**Records contained in a dataset**
----------
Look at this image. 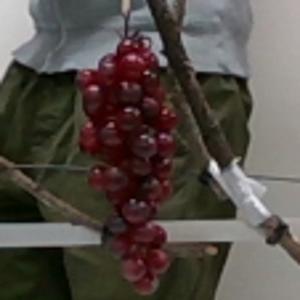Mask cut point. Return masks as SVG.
<instances>
[{
	"label": "cut point",
	"instance_id": "cut-point-1",
	"mask_svg": "<svg viewBox=\"0 0 300 300\" xmlns=\"http://www.w3.org/2000/svg\"><path fill=\"white\" fill-rule=\"evenodd\" d=\"M131 9V0H121L119 4V11L124 19V38L129 37V20L131 17Z\"/></svg>",
	"mask_w": 300,
	"mask_h": 300
}]
</instances>
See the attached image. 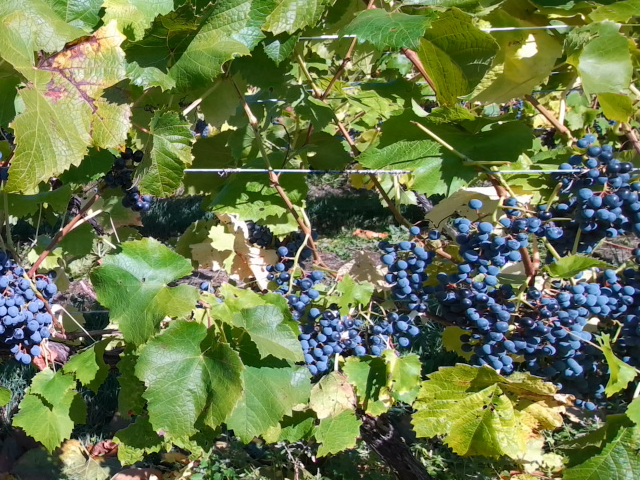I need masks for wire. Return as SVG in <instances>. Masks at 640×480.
<instances>
[{
    "mask_svg": "<svg viewBox=\"0 0 640 480\" xmlns=\"http://www.w3.org/2000/svg\"><path fill=\"white\" fill-rule=\"evenodd\" d=\"M244 172V173H256V174H283V173H337V174H358V175H370V174H395L396 176H405L411 173L409 166L396 167L395 169H339V168H281V169H258V168H246V167H199L192 166L184 169L185 173L190 172Z\"/></svg>",
    "mask_w": 640,
    "mask_h": 480,
    "instance_id": "obj_1",
    "label": "wire"
},
{
    "mask_svg": "<svg viewBox=\"0 0 640 480\" xmlns=\"http://www.w3.org/2000/svg\"><path fill=\"white\" fill-rule=\"evenodd\" d=\"M589 168H557V169H531V168H523L517 170H490V175H519V174H559V173H585L588 172Z\"/></svg>",
    "mask_w": 640,
    "mask_h": 480,
    "instance_id": "obj_2",
    "label": "wire"
},
{
    "mask_svg": "<svg viewBox=\"0 0 640 480\" xmlns=\"http://www.w3.org/2000/svg\"><path fill=\"white\" fill-rule=\"evenodd\" d=\"M578 22L572 23H560V24H550V25H513L507 27H482V32H509L515 30H552V29H562V28H574L578 27Z\"/></svg>",
    "mask_w": 640,
    "mask_h": 480,
    "instance_id": "obj_3",
    "label": "wire"
}]
</instances>
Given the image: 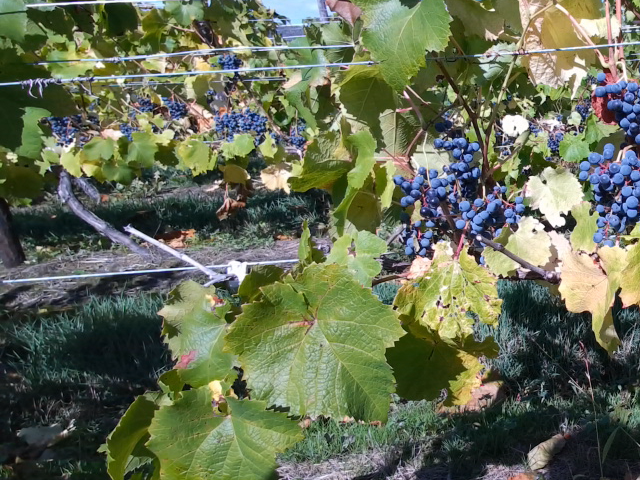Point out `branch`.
<instances>
[{
	"label": "branch",
	"instance_id": "obj_1",
	"mask_svg": "<svg viewBox=\"0 0 640 480\" xmlns=\"http://www.w3.org/2000/svg\"><path fill=\"white\" fill-rule=\"evenodd\" d=\"M519 59V55L515 54L513 56L512 62L510 64V67L508 68L501 84H500V88L498 91V95H497V99H496V103L494 105V111L492 113L491 119L489 120L488 124H487V128H486V140L483 137L482 131L479 127V123H478V119L475 116L474 112L469 108L464 94L462 92H460V88L458 86V84L456 83V81L453 79L452 74L449 72L448 68L442 63L441 60L436 59L435 63L438 65V67L444 72V74L446 75L448 81L450 82V84L452 85L453 89L455 90L456 93H458L459 98L455 99L452 103H450L447 107H445L444 109H442L441 111H439L437 114H435L428 122L425 126H423L422 128H420L416 134L414 135L412 141L410 142L408 149L405 151L404 153V163L407 167V169L410 172L414 171V167L411 165V162L409 160V156L412 153L416 143L418 142L419 138L421 137V135L426 132L428 129L431 128L432 124L435 123V121H437L439 118H441L444 114H447L450 110H452L453 108H455L458 104H462L465 112L468 114V118L471 122H473L474 125V130L477 133V137L478 140L481 144V149H482V162H483V171L484 174L481 176V180H480V185L477 191V197L481 198L482 197V184H485L486 186V192L488 191H492L493 190V186L495 185L494 180L490 177L489 175V168H488V160H487V146L491 143V130L493 127V124L495 123L498 113H499V108L502 102V97L504 94V90L505 87L508 83V80L513 72V70L515 69L516 65H517V61Z\"/></svg>",
	"mask_w": 640,
	"mask_h": 480
},
{
	"label": "branch",
	"instance_id": "obj_2",
	"mask_svg": "<svg viewBox=\"0 0 640 480\" xmlns=\"http://www.w3.org/2000/svg\"><path fill=\"white\" fill-rule=\"evenodd\" d=\"M560 3V0H553L550 4H548L547 6H545L544 8H542L541 10H539L537 13H535L534 15H532L528 21L526 22V24L524 25L521 33L519 34L518 38H517V42H516V48L520 49L521 48V44L522 41L526 35V33L528 32L530 26L532 25V23L539 18L540 16H542L544 13H546L547 11L551 10L555 5H558Z\"/></svg>",
	"mask_w": 640,
	"mask_h": 480
}]
</instances>
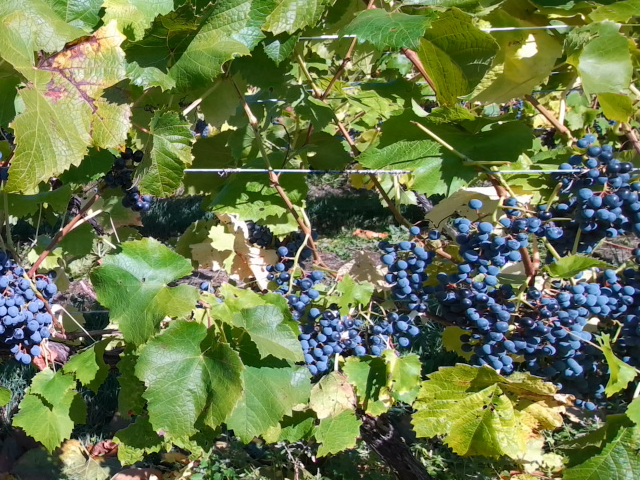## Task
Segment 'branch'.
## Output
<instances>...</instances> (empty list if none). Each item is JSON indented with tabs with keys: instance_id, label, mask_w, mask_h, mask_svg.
<instances>
[{
	"instance_id": "1d269e1b",
	"label": "branch",
	"mask_w": 640,
	"mask_h": 480,
	"mask_svg": "<svg viewBox=\"0 0 640 480\" xmlns=\"http://www.w3.org/2000/svg\"><path fill=\"white\" fill-rule=\"evenodd\" d=\"M336 127L338 128V130L340 131V134L344 140V142L348 145V147L350 148L352 154L354 156H358L360 154V151L358 150L356 144L353 142V140L350 138L346 127L344 126V124L342 122H338L336 124Z\"/></svg>"
},
{
	"instance_id": "982ccf7c",
	"label": "branch",
	"mask_w": 640,
	"mask_h": 480,
	"mask_svg": "<svg viewBox=\"0 0 640 480\" xmlns=\"http://www.w3.org/2000/svg\"><path fill=\"white\" fill-rule=\"evenodd\" d=\"M369 181L371 183V185L377 190V192L380 195V198L385 202V204L388 206L389 208V212L392 214L393 218L401 225L403 226L405 229H409L411 227V224L404 219L400 213L398 212V210L396 209L395 204L393 203V201L390 199V197L387 195L384 187L377 181L376 179V175L375 174H370L369 175Z\"/></svg>"
},
{
	"instance_id": "30e6481e",
	"label": "branch",
	"mask_w": 640,
	"mask_h": 480,
	"mask_svg": "<svg viewBox=\"0 0 640 480\" xmlns=\"http://www.w3.org/2000/svg\"><path fill=\"white\" fill-rule=\"evenodd\" d=\"M228 83L231 85V87L235 91V94L238 97V103L240 108L246 111L248 120L250 121V124L253 127V129L255 130L256 136L258 138V154L264 169H275L272 163V160L270 159V156L268 154V150L265 146L264 132L261 129V124L258 122L255 116V113L253 112V109L251 108V105L248 102L246 90L238 80L237 73L235 71H230L228 73Z\"/></svg>"
},
{
	"instance_id": "1ff4a987",
	"label": "branch",
	"mask_w": 640,
	"mask_h": 480,
	"mask_svg": "<svg viewBox=\"0 0 640 480\" xmlns=\"http://www.w3.org/2000/svg\"><path fill=\"white\" fill-rule=\"evenodd\" d=\"M405 55L410 60V62L414 65L418 76L422 80V82L427 86L430 91H435L437 89V84L435 80L430 76L427 72L426 67L420 57L416 54V51L412 48H407L405 50Z\"/></svg>"
},
{
	"instance_id": "325d2c04",
	"label": "branch",
	"mask_w": 640,
	"mask_h": 480,
	"mask_svg": "<svg viewBox=\"0 0 640 480\" xmlns=\"http://www.w3.org/2000/svg\"><path fill=\"white\" fill-rule=\"evenodd\" d=\"M272 188L274 189L275 193L277 194V197H282L287 205V207L289 208L291 214L293 215L295 221L298 223L299 229L301 231V233L303 234V237L305 234L309 235V239L306 242L307 243V247L309 249V252L311 254V259L316 263V264H322L324 262V257L320 254V249L316 243V239L312 233V230L310 229L305 217L303 215H301L299 213V211L297 210V208L294 206V204L292 203V201L290 200L288 193L286 192V190L284 189L283 185L281 184V180L278 176V174H267Z\"/></svg>"
},
{
	"instance_id": "45aa463d",
	"label": "branch",
	"mask_w": 640,
	"mask_h": 480,
	"mask_svg": "<svg viewBox=\"0 0 640 480\" xmlns=\"http://www.w3.org/2000/svg\"><path fill=\"white\" fill-rule=\"evenodd\" d=\"M97 202L96 198H91L86 205L83 207V209L81 210V212L75 216L74 218H72L71 220H69L65 226L62 228V230L60 231V233L58 234V236L56 237V239H54L53 241L49 242L46 244V246L44 247V249L41 251V254L39 256V258L37 259V261L32 265L30 271L28 272L29 276H33L34 273L36 272V269L42 264L46 254L49 252V249L51 247L56 246L61 239L64 237V235L66 234V232L69 230V228L76 222H78L79 220H81L86 213L88 212V210L90 209V207Z\"/></svg>"
},
{
	"instance_id": "ea751061",
	"label": "branch",
	"mask_w": 640,
	"mask_h": 480,
	"mask_svg": "<svg viewBox=\"0 0 640 480\" xmlns=\"http://www.w3.org/2000/svg\"><path fill=\"white\" fill-rule=\"evenodd\" d=\"M293 55L298 63V66L300 67V69L302 70L306 83L308 85L309 90L311 91V93L313 94V96L317 99L320 100L322 98L321 93L318 91V89L315 86V83L313 81L311 72L308 68V66L306 65L303 56L301 55V52L299 50H295L293 52Z\"/></svg>"
},
{
	"instance_id": "ca6c30ca",
	"label": "branch",
	"mask_w": 640,
	"mask_h": 480,
	"mask_svg": "<svg viewBox=\"0 0 640 480\" xmlns=\"http://www.w3.org/2000/svg\"><path fill=\"white\" fill-rule=\"evenodd\" d=\"M520 254L523 257V267L527 284L529 286H534L536 284V275L533 269L532 253L527 246H522L520 248Z\"/></svg>"
},
{
	"instance_id": "170604dd",
	"label": "branch",
	"mask_w": 640,
	"mask_h": 480,
	"mask_svg": "<svg viewBox=\"0 0 640 480\" xmlns=\"http://www.w3.org/2000/svg\"><path fill=\"white\" fill-rule=\"evenodd\" d=\"M528 102L544 117L551 129L563 143L571 141V133L567 126H561L549 108L542 103L535 94L528 96Z\"/></svg>"
},
{
	"instance_id": "1af6ec82",
	"label": "branch",
	"mask_w": 640,
	"mask_h": 480,
	"mask_svg": "<svg viewBox=\"0 0 640 480\" xmlns=\"http://www.w3.org/2000/svg\"><path fill=\"white\" fill-rule=\"evenodd\" d=\"M495 184V189L501 197H506L508 195V189L502 183L499 178V175H489Z\"/></svg>"
}]
</instances>
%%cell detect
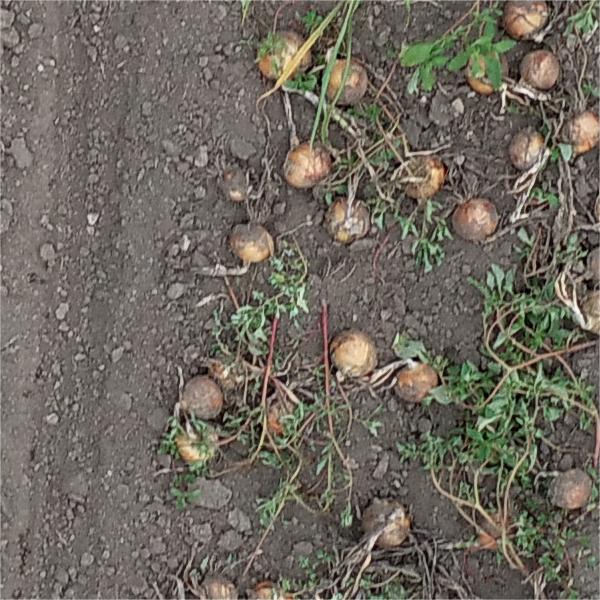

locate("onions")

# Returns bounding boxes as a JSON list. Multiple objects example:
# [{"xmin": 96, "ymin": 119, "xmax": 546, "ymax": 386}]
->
[
  {"xmin": 502, "ymin": 1, "xmax": 545, "ymax": 37},
  {"xmin": 229, "ymin": 223, "xmax": 272, "ymax": 263},
  {"xmin": 475, "ymin": 518, "xmax": 508, "ymax": 547},
  {"xmin": 330, "ymin": 329, "xmax": 376, "ymax": 374},
  {"xmin": 550, "ymin": 470, "xmax": 589, "ymax": 510},
  {"xmin": 463, "ymin": 52, "xmax": 502, "ymax": 91},
  {"xmin": 285, "ymin": 142, "xmax": 330, "ymax": 186},
  {"xmin": 362, "ymin": 501, "xmax": 407, "ymax": 545},
  {"xmin": 394, "ymin": 362, "xmax": 437, "ymax": 402},
  {"xmin": 450, "ymin": 196, "xmax": 495, "ymax": 239},
  {"xmin": 507, "ymin": 128, "xmax": 545, "ymax": 168},
  {"xmin": 576, "ymin": 287, "xmax": 600, "ymax": 331},
  {"xmin": 202, "ymin": 577, "xmax": 235, "ymax": 599},
  {"xmin": 214, "ymin": 351, "xmax": 245, "ymax": 386},
  {"xmin": 174, "ymin": 425, "xmax": 212, "ymax": 464},
  {"xmin": 181, "ymin": 379, "xmax": 222, "ymax": 420},
  {"xmin": 325, "ymin": 197, "xmax": 370, "ymax": 242},
  {"xmin": 520, "ymin": 50, "xmax": 559, "ymax": 89},
  {"xmin": 255, "ymin": 29, "xmax": 306, "ymax": 81},
  {"xmin": 217, "ymin": 166, "xmax": 249, "ymax": 199},
  {"xmin": 252, "ymin": 577, "xmax": 275, "ymax": 599},
  {"xmin": 262, "ymin": 407, "xmax": 288, "ymax": 437},
  {"xmin": 561, "ymin": 110, "xmax": 599, "ymax": 152},
  {"xmin": 322, "ymin": 59, "xmax": 366, "ymax": 103},
  {"xmin": 407, "ymin": 156, "xmax": 443, "ymax": 199}
]
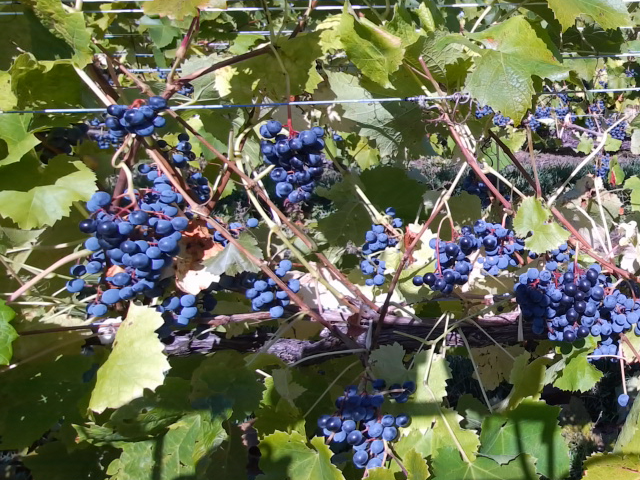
----------
**Exercise brief**
Copy all lines above containing the string "JSON".

**Exercise result**
<instances>...</instances> (empty list if none). Each item is JSON indented with tabs with keys: instance_id, label, mask_w, mask_h, mask_svg.
# Returns bounding boxes as a JSON list. Multiple objects example:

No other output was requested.